The Alliance (alliancegenome.org) 3.0 version released yesterday, has new features and new data related to the use of model organisms in understanding the genetic and genomic basis of human biology, health and disease. Salient features of the 3.0 release include new allele pages with variant and transcript data, new disease models on gene and disease pages, data files available for download, etc. To learn more about the latest features and data, check out the release notes.
Still have time on your hands? Submit data via our ‘Submit Data’ page
You can submit various types of data via our data specific forms found here. The ‘Submit Data’ button is also prominently displayed on our menu bar on the home page on the left hand side. Click on this to be taken to the various data submission forms.
Extra time on your hands? Help WormBase curate phenotypes
WormBase is doing a big push to address the backlog of phenotype curation. Please use our phenotype data submission form to submit phenotype data. Note that you can still submit phenotype data from published papers even if you are not an author on these papers.
C. elegans and related meeting changes
Meetings related to C. elegans and other topics have been postponed, moved to virtual spaces or cancelled due to the ongoing COVID-19 outbreak. Look in our Meetings widgets on the home page to find information about plans for these meetings.
The difference between expression pattern and expression cluster data in WormBase
Chris Grove explains how expression pattern data differs from expression cluster data in WormBase:
It’s important to understand that we have two avenues of gene expression curation at WormBase: one for individual gene expression pattern evaluation (e.g. using expression reporters like GFP or by performing an in situ hybridization of mRNA) which get captured in our “Expression Pattern” database objects (the “Expr_pattern” class) and a second avenue for larger scale (e.g. genome-wide) analyses of gene expression (e.g.

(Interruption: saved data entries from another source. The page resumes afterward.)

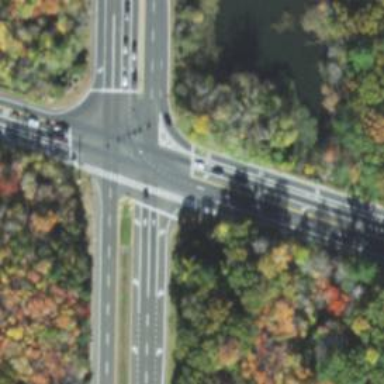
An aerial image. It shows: Trunk link highway.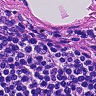
Metastatic tissue present: no
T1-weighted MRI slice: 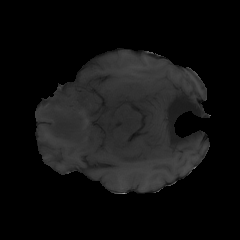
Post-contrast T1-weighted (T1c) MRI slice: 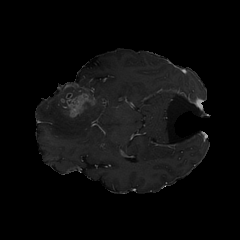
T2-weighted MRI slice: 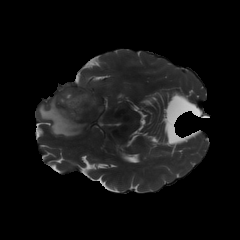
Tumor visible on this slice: yes
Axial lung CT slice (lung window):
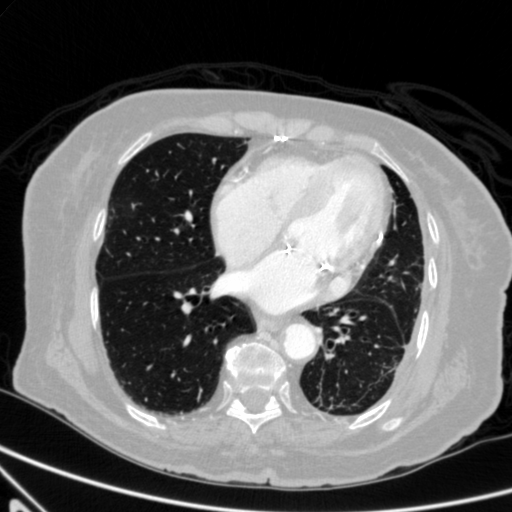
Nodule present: no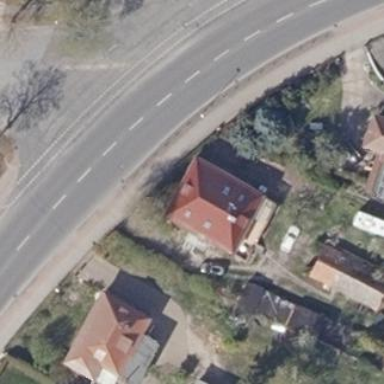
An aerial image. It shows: Simple and straightforward house.
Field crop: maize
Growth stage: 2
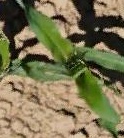
Species: maize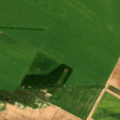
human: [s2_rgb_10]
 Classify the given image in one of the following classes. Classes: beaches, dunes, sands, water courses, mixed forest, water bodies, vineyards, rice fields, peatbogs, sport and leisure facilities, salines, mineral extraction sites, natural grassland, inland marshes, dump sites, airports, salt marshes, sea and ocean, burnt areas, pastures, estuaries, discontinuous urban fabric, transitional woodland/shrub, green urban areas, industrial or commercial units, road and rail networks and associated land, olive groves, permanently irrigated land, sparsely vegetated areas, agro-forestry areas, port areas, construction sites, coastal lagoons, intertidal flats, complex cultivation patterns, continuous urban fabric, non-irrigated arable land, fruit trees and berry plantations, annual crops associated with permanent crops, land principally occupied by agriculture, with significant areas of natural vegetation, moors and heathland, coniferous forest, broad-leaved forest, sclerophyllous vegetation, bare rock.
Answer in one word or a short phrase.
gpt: non-irrigated arable land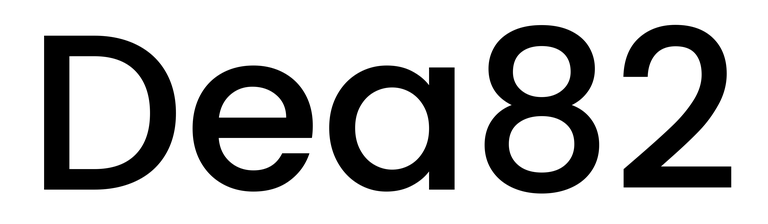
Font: Poppins-Medium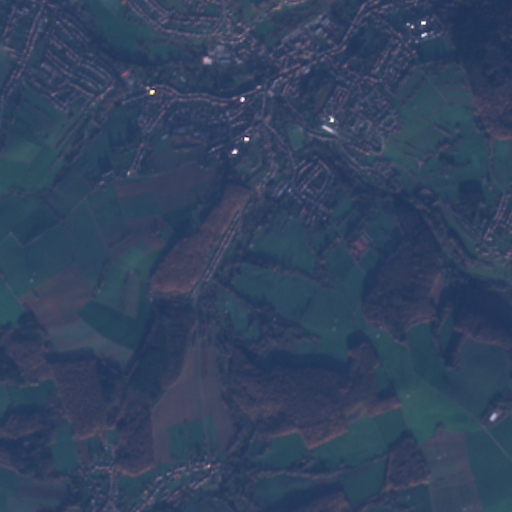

RNA-Seq or microarray analyses) under certain conditions or in certain cells (or in certain life stages) which get captured in our “Expression Cluster” database objects (the “Expression_cluster” class).
In “Expression Pattern” annotations, genes may be associated with an anatomy term via a qualifier which can be one of three terms: Certain, Uncertain, or Partial. If authors declare that a gene is clearly and specifically expressed in a particular anatomical object, we flag it as “Certain”. If authors state that a gene might be expressed in a particular anatomical object, we flag it as “Uncertain”. If authors state that a gene is expressed in part of (or in a subset of) a particular anatomical object, we flag it as “Partial”.
In “Expression Cluster” annotations, genes may be associated with an anatomy term via a qualifier which can be one of three terms: Expressed, Depleted, Enriched. When large scale studies like RNA-Seq are performed in a particular neuron, for example, gene expression can be detected for even very lowly expressed genes and can sometimes include 10,000-15,000 genes (almost the entire set of protein coding genes) and these are considered “Expressed”, albeit possibly very lowly expressed, or expressed at a moderate level but not really more so than in any other tissue (e.g. housekeeping genes). Therefore, genes in these Expression cluster sets are typically evaluated as to whether they are “Enriched” in a particular anatomical object (i.e. statistically much more likely to be expressed there than in other tissues) of “Depleted” in a particular anatomical object (i.e. statistically much less likely to be expressed there than in other tissues). For our expression summary files, such as the “anatomy_association” file on the WormBase FTP site, we only include gene-anatomy associations from the “Expression Cluster” data class when the association is considered “Enriched” (hence why you don’t see the qualifiers “Expressed” or “Depleted” in the file).